The idea how to test rendering is quite simple: to test a function use the inverse function and check if the input and output match (match is not equality in your case):
f(f^-1(x)) = x
To test a rendering algorithm you would encode the raw input, render the encoded values and analyze the difference between the rendered output and the raw input. One problem is to get the raw input, when encoding/decoding random input is not appropriate. Another challenge is to evaluate the differences between the raw input and rendering output. I suppose if you re writing some rendering software you should be able to do a frequency analysis on the data. (Some transformation should pop into your head now.)

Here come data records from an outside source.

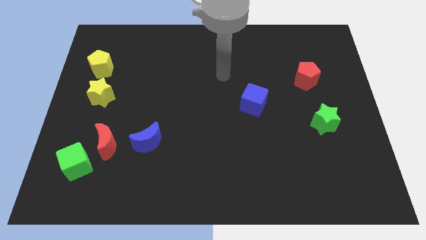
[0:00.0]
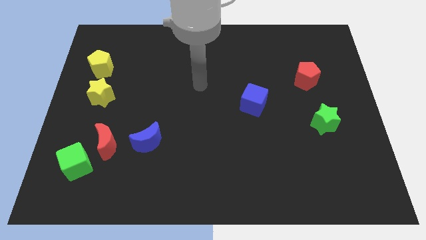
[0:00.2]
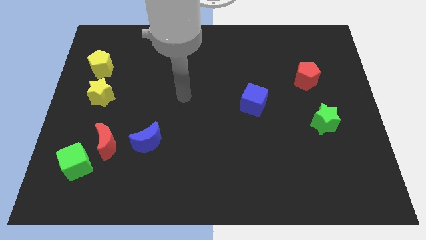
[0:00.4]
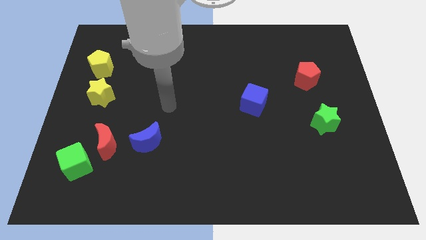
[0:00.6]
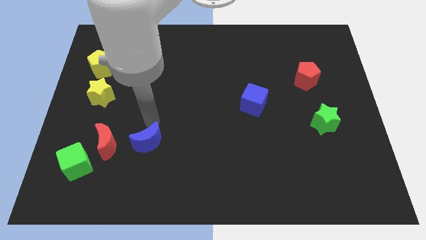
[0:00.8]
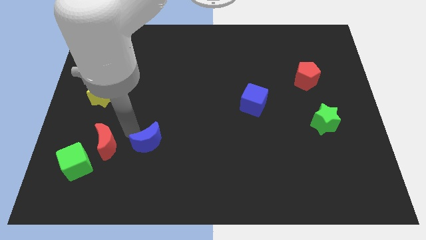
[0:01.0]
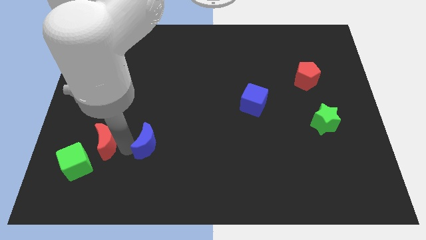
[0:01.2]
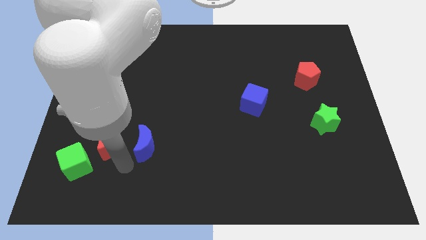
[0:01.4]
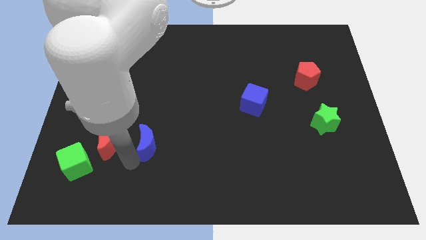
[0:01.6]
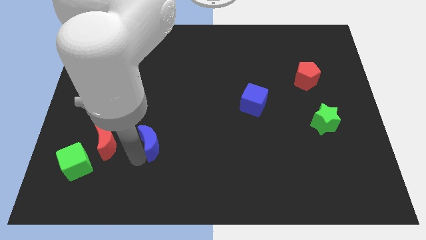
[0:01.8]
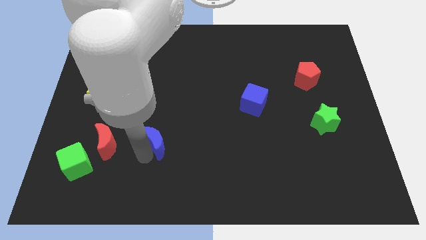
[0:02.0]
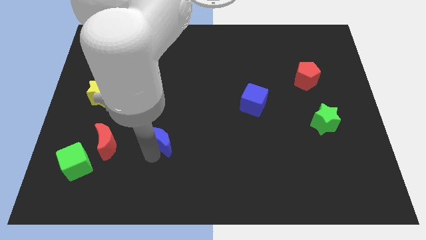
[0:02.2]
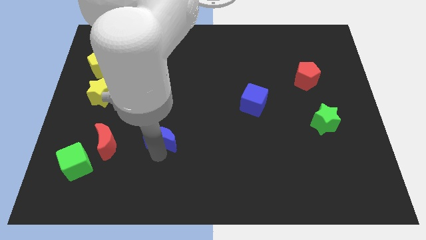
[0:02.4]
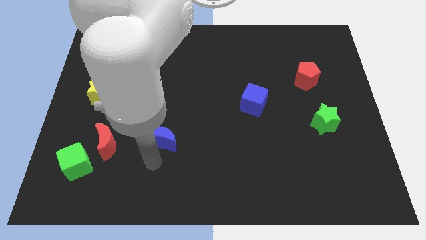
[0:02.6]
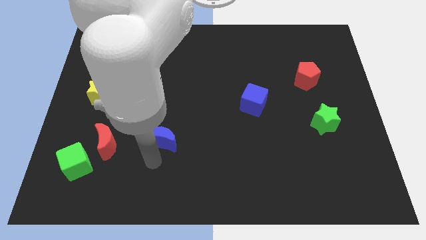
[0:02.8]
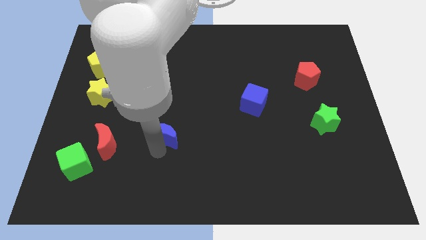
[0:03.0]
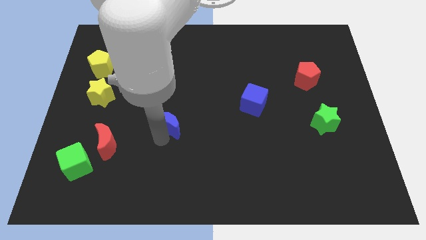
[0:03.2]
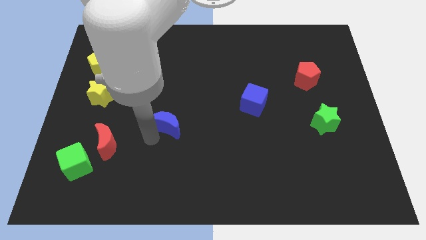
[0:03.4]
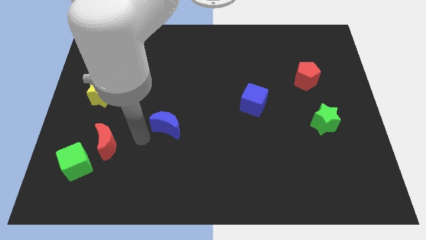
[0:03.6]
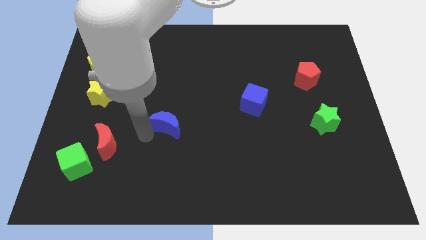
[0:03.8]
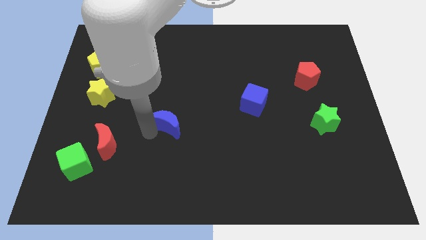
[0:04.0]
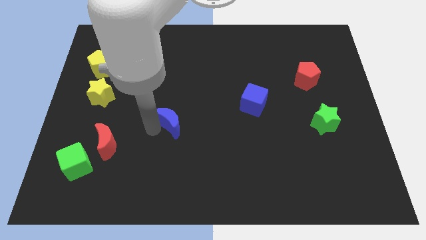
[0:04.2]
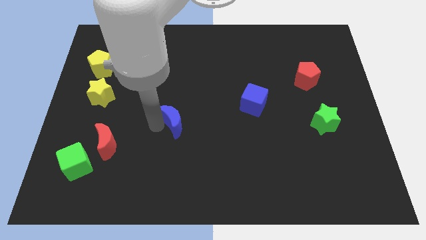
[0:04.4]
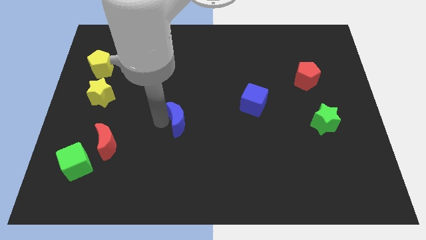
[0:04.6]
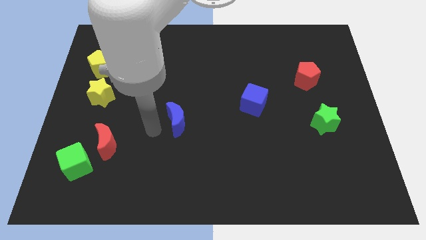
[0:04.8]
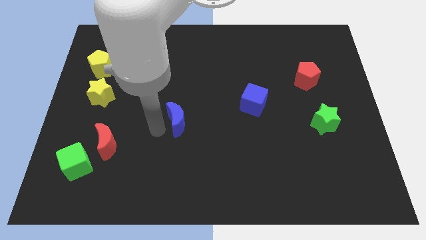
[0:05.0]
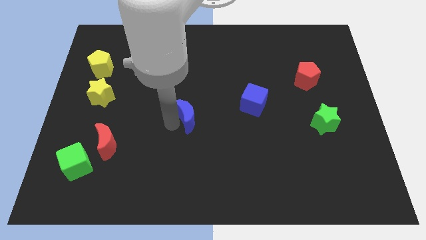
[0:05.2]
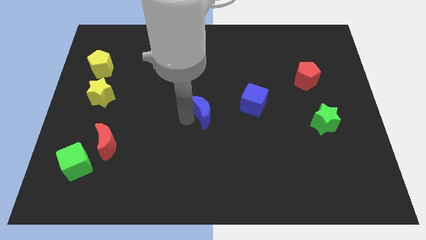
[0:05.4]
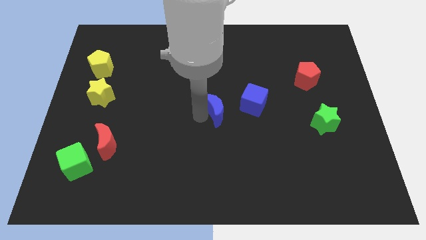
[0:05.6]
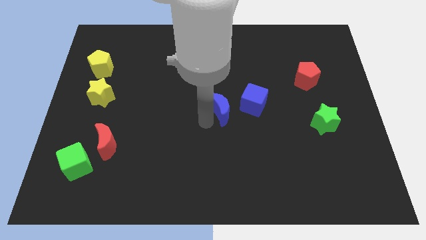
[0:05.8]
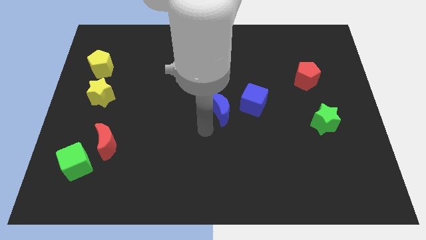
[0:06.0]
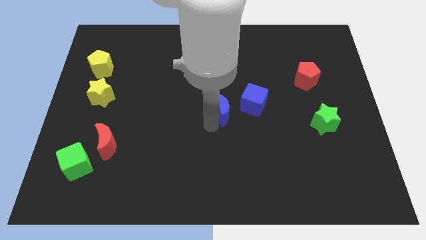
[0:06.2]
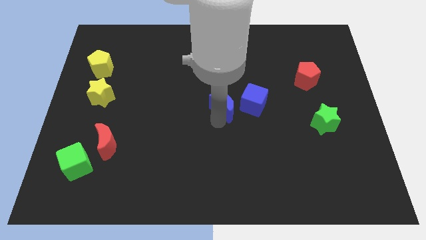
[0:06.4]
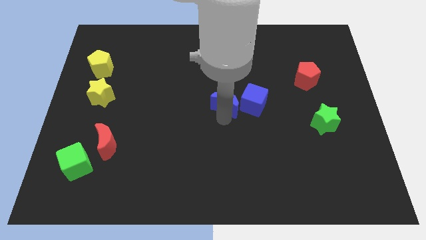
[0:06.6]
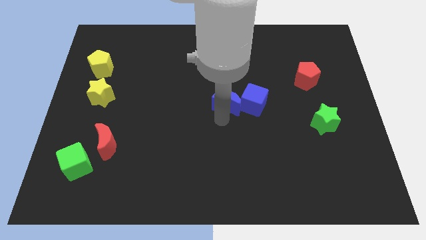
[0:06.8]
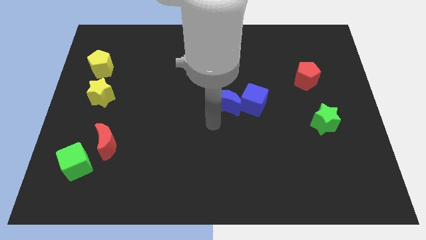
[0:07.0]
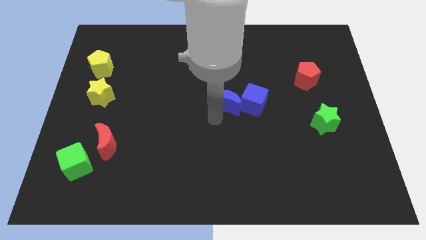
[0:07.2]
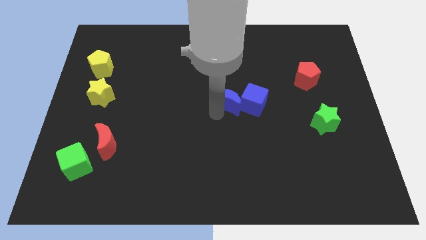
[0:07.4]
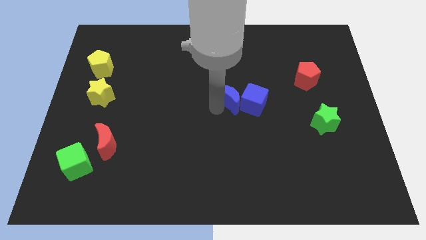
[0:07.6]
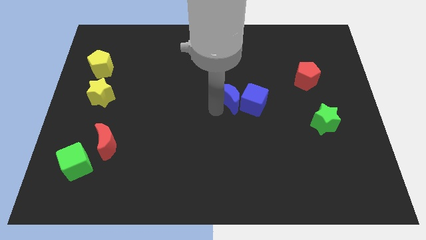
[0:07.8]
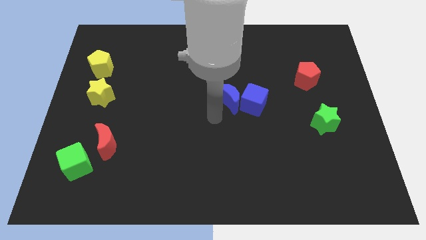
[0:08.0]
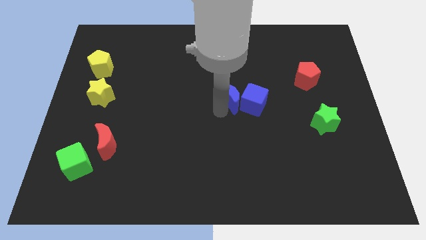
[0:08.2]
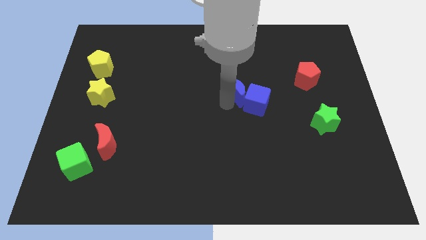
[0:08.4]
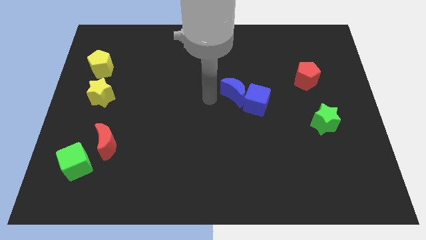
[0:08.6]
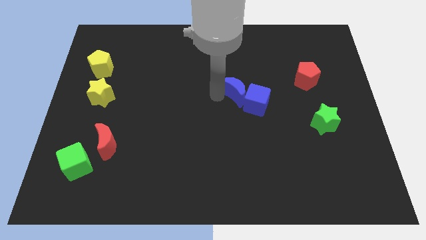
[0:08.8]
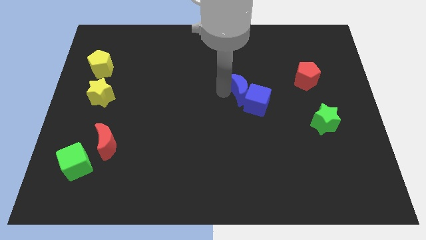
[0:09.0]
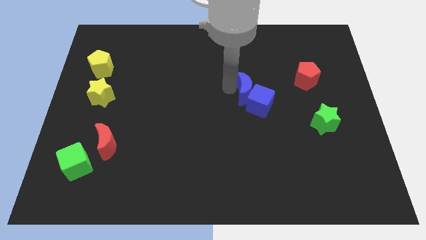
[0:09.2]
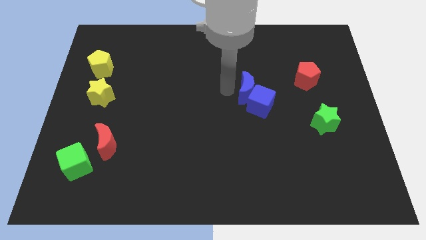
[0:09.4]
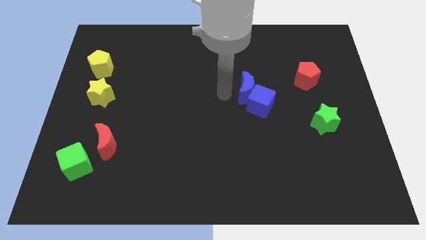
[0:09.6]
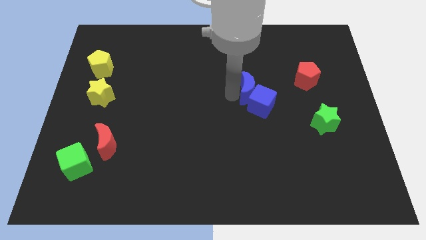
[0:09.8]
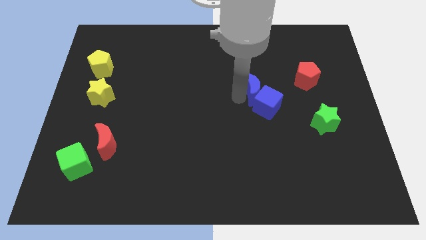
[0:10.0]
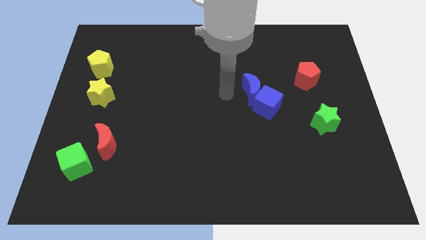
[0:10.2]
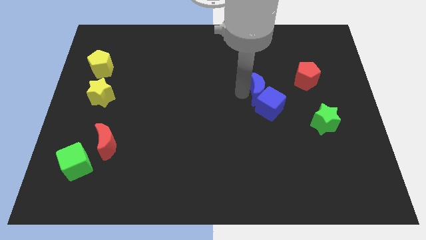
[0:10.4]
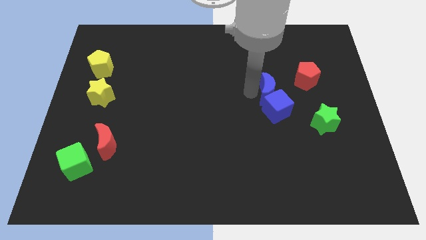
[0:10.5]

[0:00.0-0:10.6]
slide the blue moon to the top right side of the blue cube

If it is possible generate your test data. Text fixtures are a real maintenance problem. They only shine in the beginning. If they are changing in some kind everything breaks down. The main problem is that if your using a fixture your tests are going to repeat the fixture s content. This makes the interpretation of intent of your tests harder. If there is a magic value in your test what s the significant part of this value?
Fixture:
actual = parse("file.xml")
expected = "magic value"
assert(actual == expected)
Generated values:
expected = generate()
input = render(expected)
actual = parse()
assert(actual == expected)
The nice thing with generators is that you can build quite complex object graphs with them starting from primitive types and fields (python Quickcheck version).
Generator based tests are not deterministic by nature. But given enough trials they follow the Law of large numbers.
Their additional value is that they will produce a good test value range coverage. (Which is hard to achieve with test fixtures.) They will find unanticipated bugs in your code.
An alternative test approach is to test with a equivalent function:
f(x) = f (x)
For example if you have a rendering function to compare against. This kind of test approach is useful if you have a working function. This function is your benchmark. It cannot be used in production because it is to slow or does use to much memory but can be easily debugged or proven to be correct.